OBJECTIVES: In many Euro-American societies, the ideal of patient and family involvement in clinical decision-making prevails. This ideal exists alongside the doctor’s obligation and responsibility to make decisions and to be accountable for them. In this article, we explore how medical staff navigate the tension between autonomy and authority when engaging life-and-death decision-making in a Danish NICU.
METHODS: The study rests on ethnographic fieldwork in a Danish NICU, involving participant observations in everyday care and decision-making work and semistructured interviews with staff and parents. All interviews were taped and transcribed.
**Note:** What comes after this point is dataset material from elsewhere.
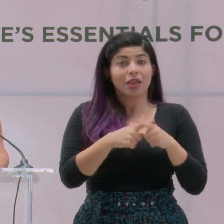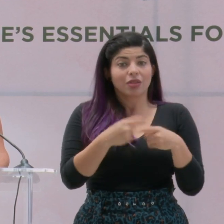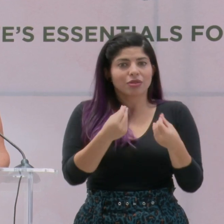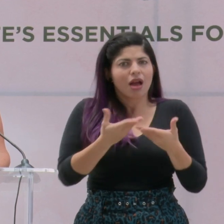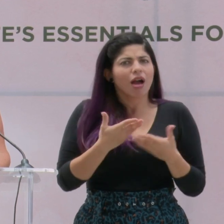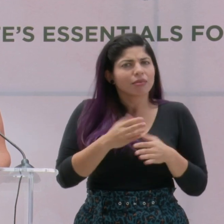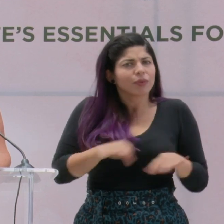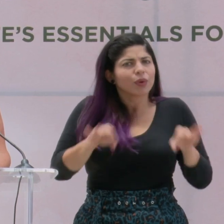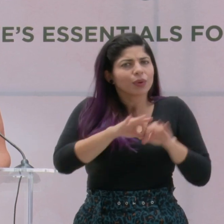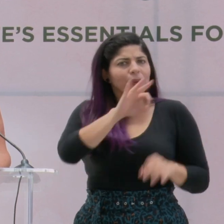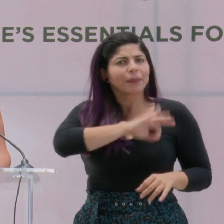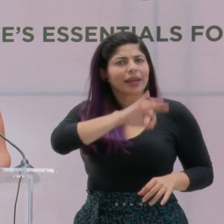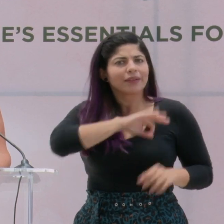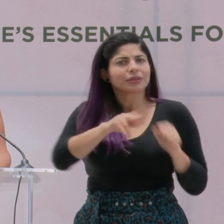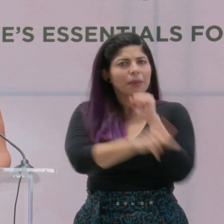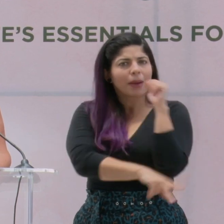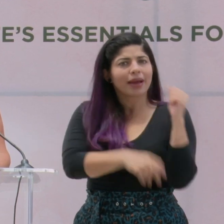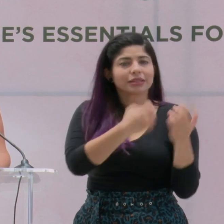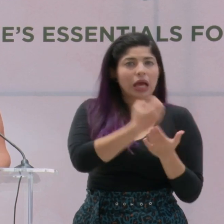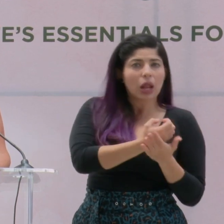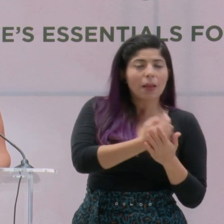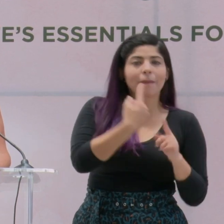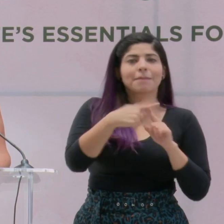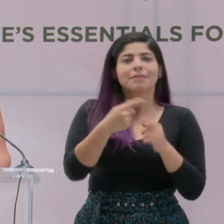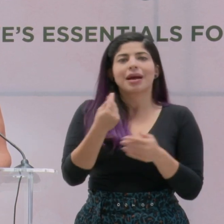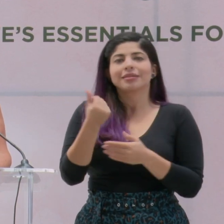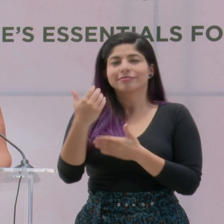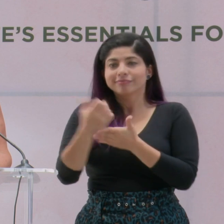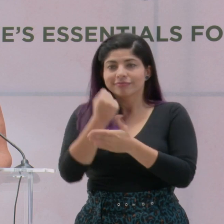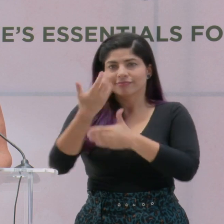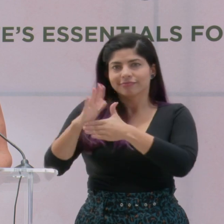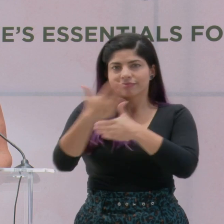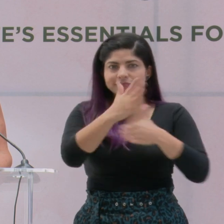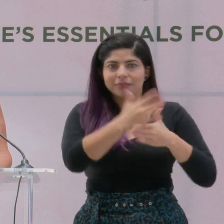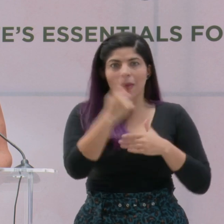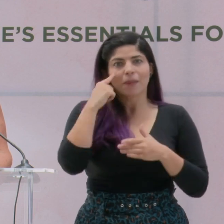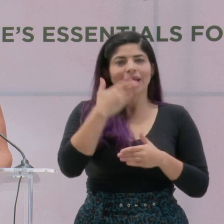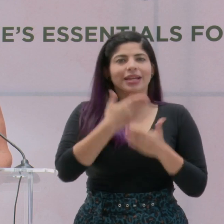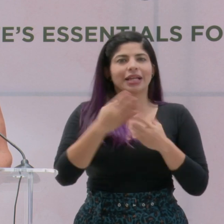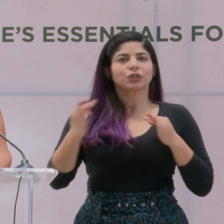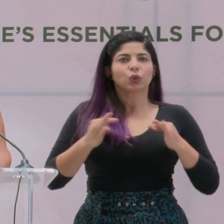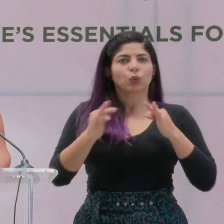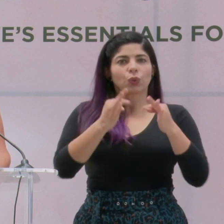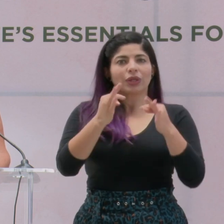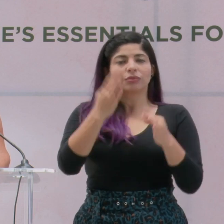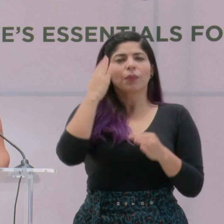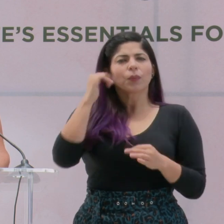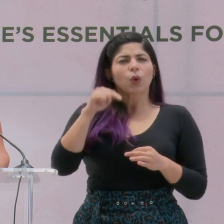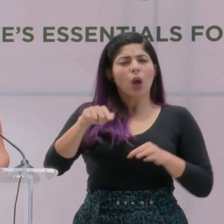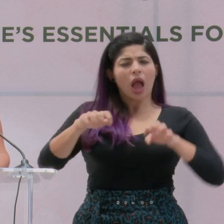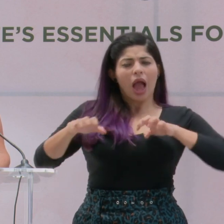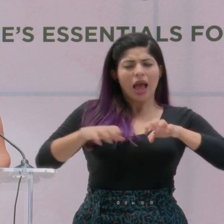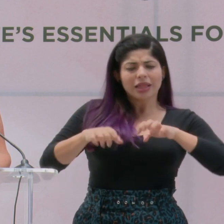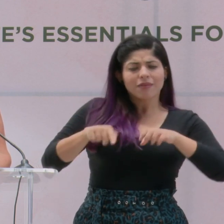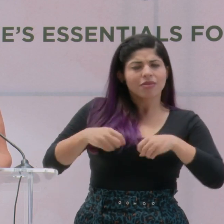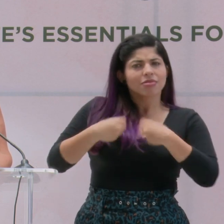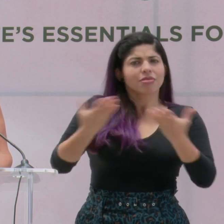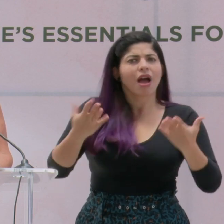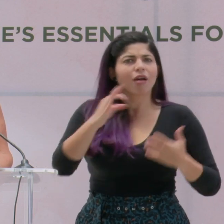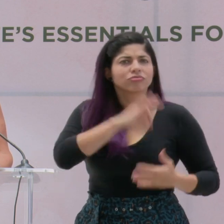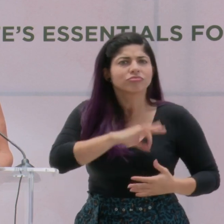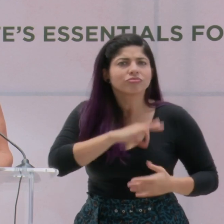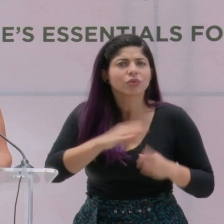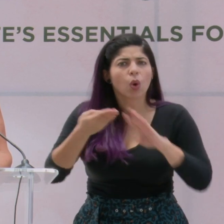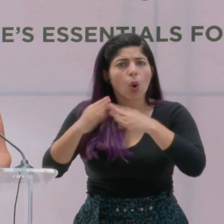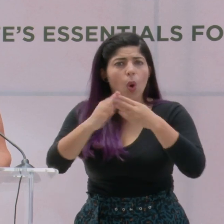beneficios para el país en términos económicos y de distribución de las divisas generadas por el turismo, ya que esta actividad lleva prosperidad a

The empirical material was analyzed using thematic coding and validated in discussions with staff, parents, and social scientists.
RESULTS: Decisions are relational. Multiple moves, spaces, temporalities, and actors are involved in life-and-death decisions in the NICU. Therefore, the concept of medical decision-making fails to do justice to the complex efforts of moving infants in or out of life. Yet, many of these decision-making moments are staged, timed, and coordinated by medical staff. Therefore, we introduce an alternative vocabulary for talking about life-and-death decision-making in neonatology to help us attend to the moral stakes, the emotional tenor, and the fine-grained mechanisms of authority implied in such decisions around tiny infants.
CONCLUSIONS: We conceptualize decisions as an art of “careography.” Careography is the work of aligning care for the infant, care for the parents, care for staff, care for other infants, and care for society at large, in the process of deciding whether it is best to continue or withdraw life support.
Personally, I tend to focus on the relational. Of course, we need to know the medical facts, the statistics and so. But the decision is only five percent biomedical. Whether a family can live with a child with disabilities and what value they ascribe to such a life, no medical doctor knows any better than the family.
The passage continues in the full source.